All crop images were identified correctly by SVM. But in case of weed images, there were some misclassifications. Five images of pigweed were misclassified as burcucumber. One image of burcucumber was misclassified as pigweed. Two images of marsh herb were misclassified as lamb's quarters. No weed image was misclassified as Chilli. The overall classification result is shown in TABLEII.
TABLE II
CLASSIFICATION RESULT USING ALL FEATURES
English Name of Samples
Number of Samples
Number of Misclassified Samples
Success Rate
Chilli
40
0
100%
Pigweed
40
5
87.5%
Marsh herb
31
2
93.5%
Lamb's quarters
33
0
100%
Cogongrass
45
0
100%
Burcucumber
35
2
94.3%
Average Success Rate
95.9%
To select the set of features which gives the best classification result, both forward-selection and backward- elimination methods were used. In forward-selection, selection process starts with a set having only one feature. Then other features are added to the set one at a time. At each step, each feature that is not the member of the set is tested whether it can be included in the set or not. If no further improvement is achieved this feature selection procedure is stopped otherwise it continues to find better success rate.
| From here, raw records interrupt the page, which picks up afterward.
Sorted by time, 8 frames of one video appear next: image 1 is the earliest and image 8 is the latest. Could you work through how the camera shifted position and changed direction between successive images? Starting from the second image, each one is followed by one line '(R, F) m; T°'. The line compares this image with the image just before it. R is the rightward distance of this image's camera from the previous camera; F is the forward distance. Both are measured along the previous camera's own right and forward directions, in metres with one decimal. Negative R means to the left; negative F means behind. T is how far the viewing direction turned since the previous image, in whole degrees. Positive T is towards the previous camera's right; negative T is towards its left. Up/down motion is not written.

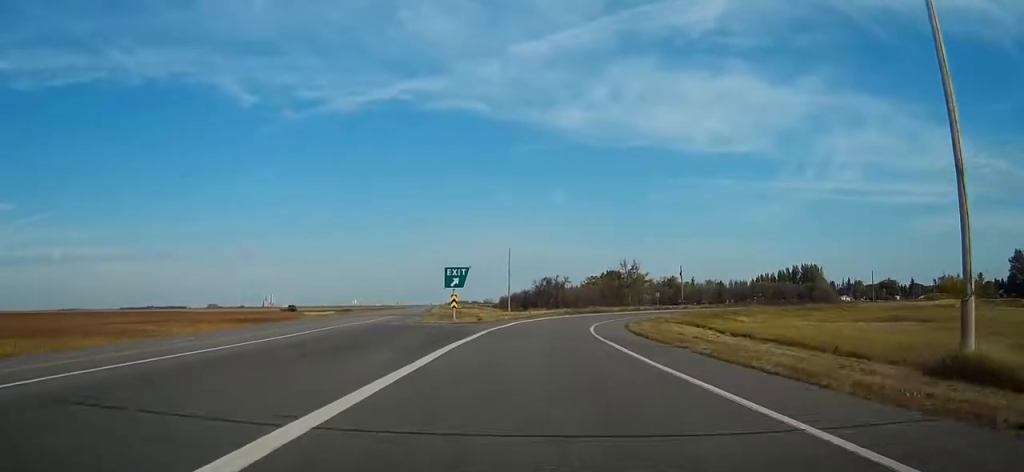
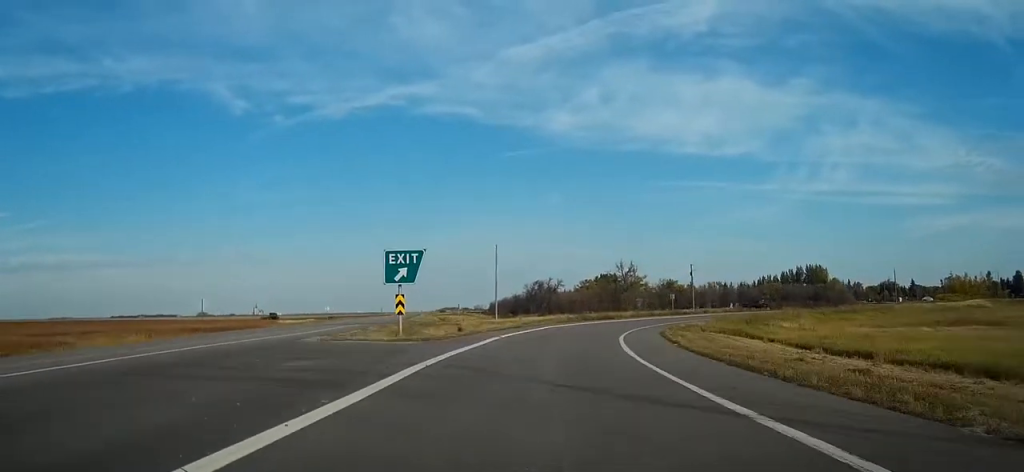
(+0.1, +19.1) m; +1°
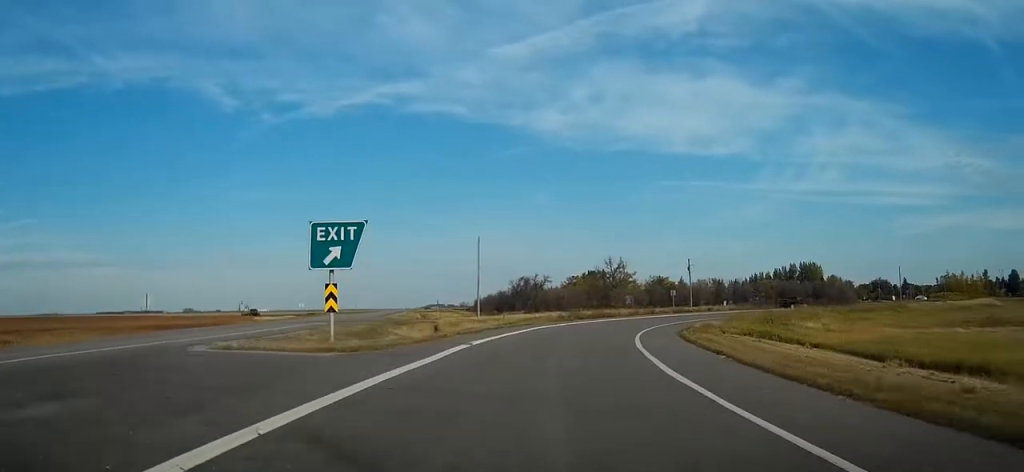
(+0.1, +9.7) m; 0°
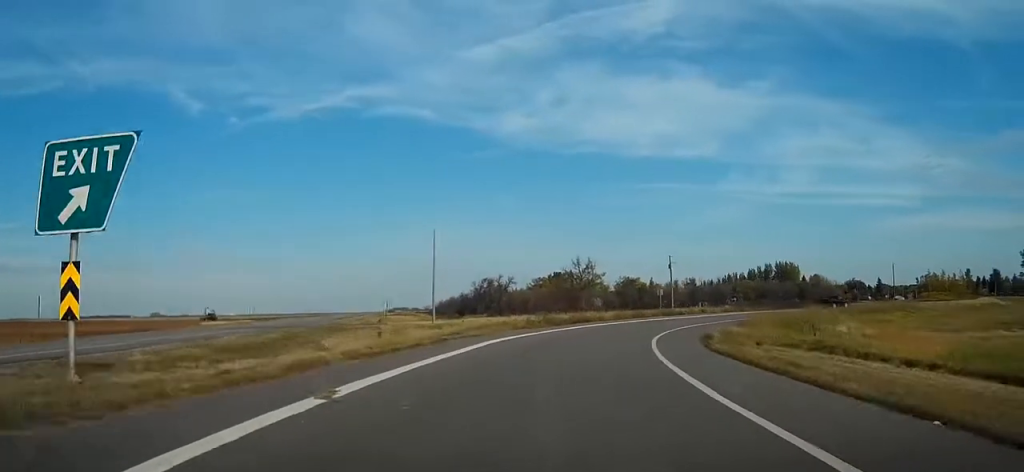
(0.0, +13.0) m; +2°
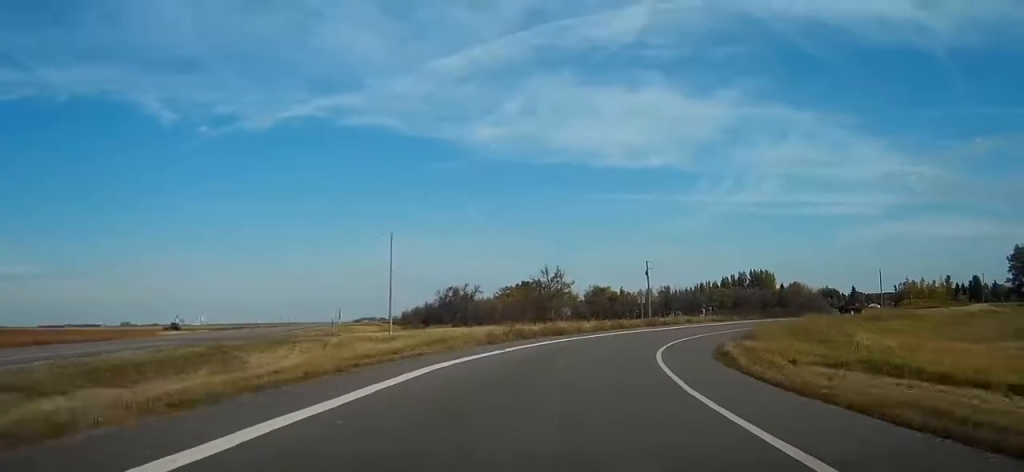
(+0.2, +8.2) m; +3°
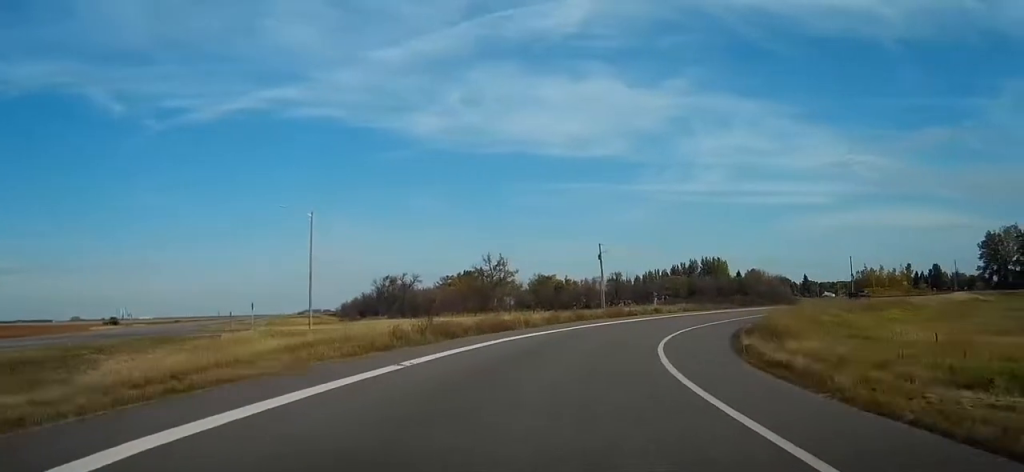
(+0.3, +11.1) m; +5°
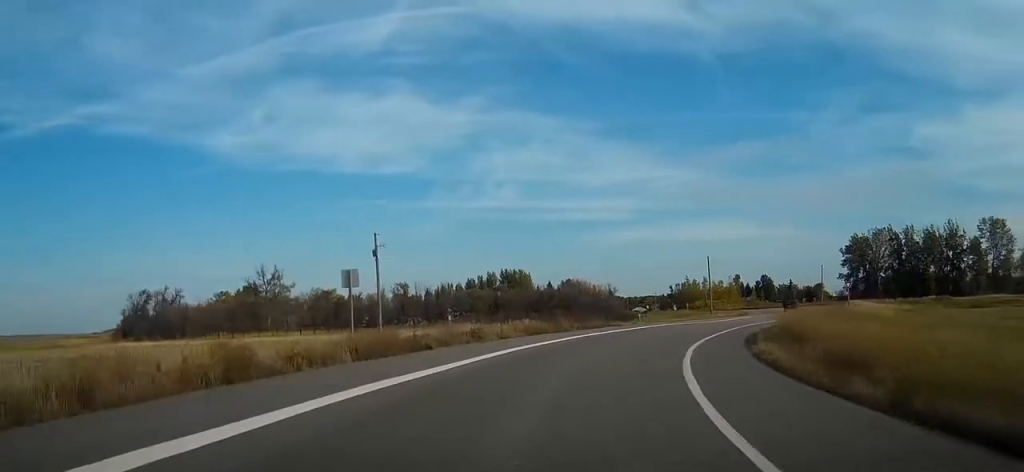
(+3.9, +30.9) m; +15°
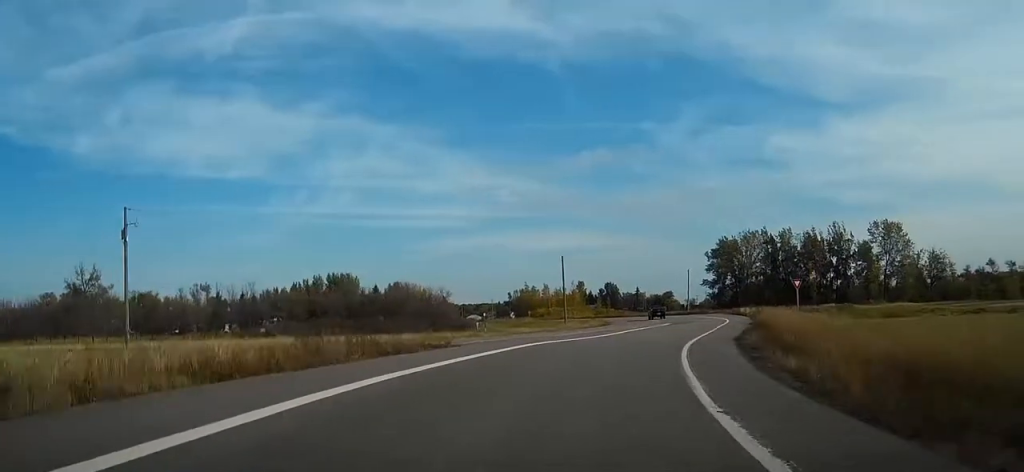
(+2.3, +19.7) m; +13°

In backward-elimination, the best feature selection procedure starts with a set initially having all the features included. Then the feature having the least discriminating ability is removed from the set. This process continues until the best classification result is obtained. Forward-selection and backward-elimination methodologies are combined in stepwise feature selection procedure to find out the best feature combination. In stepwise selection, features are added in set at each step one at a time just like forward-selection. After each feature is added in set by forward-selection, backward-elimination is applied on the set. Using this method, a set of nine features was selected which produce the best classification rate. Those nine features were:
Solidity
Elongatedness
Mean value of 'r'
Mean value of 'b'
Standard deviation of 'r'
Standard deviation of 'b'
ln(Φ1) of area
ln(Φ2) of area
ln(Φ4) of area
The result of ten-fold cross validation using these nine features was 97.3%. Four images of pigweed were misclassified as burcucumber and two images of burcucumber were misclassified as pigweed. All other images were classified accurately. The overall classification result using these nine features is given in TABLEIII.
TABLE III
CLASSIFICATION RESULT USING BEST FEATURES
English Name of Samples
Number of Samples
Number of Misclassified Samples
Success Rate
Chilli
40
0
100%
Pigweed
40
4
90%
Marsh herb
31
0
100%
Lamb's quarters
33
0
100%
Cogongrass
45
0
100%
Burcucumber
35
2
94.3%
Average Success Rate
97.3%
IV. CONCLUSION
An automated weeding system must have the ability to identify crops and weeds automatically and treat them accordingly. Machine vision system based on digital image processing is recognized as the most efficient sensor detection technique. For real-time implementation of this machine vision system, an efficient classification model is required which can classify crops and weeds with a high accuracy ratio. The goal of this paper was to test the feasibility of support vector machines in crops and weeds classification. From the results, it is clear that SVM provides very high accuracy ratio and it is also quite robust. To achieve higher success rate in real-time implementation of SVM in a weed classification system, good image segmentation and noise reduction techniques are required.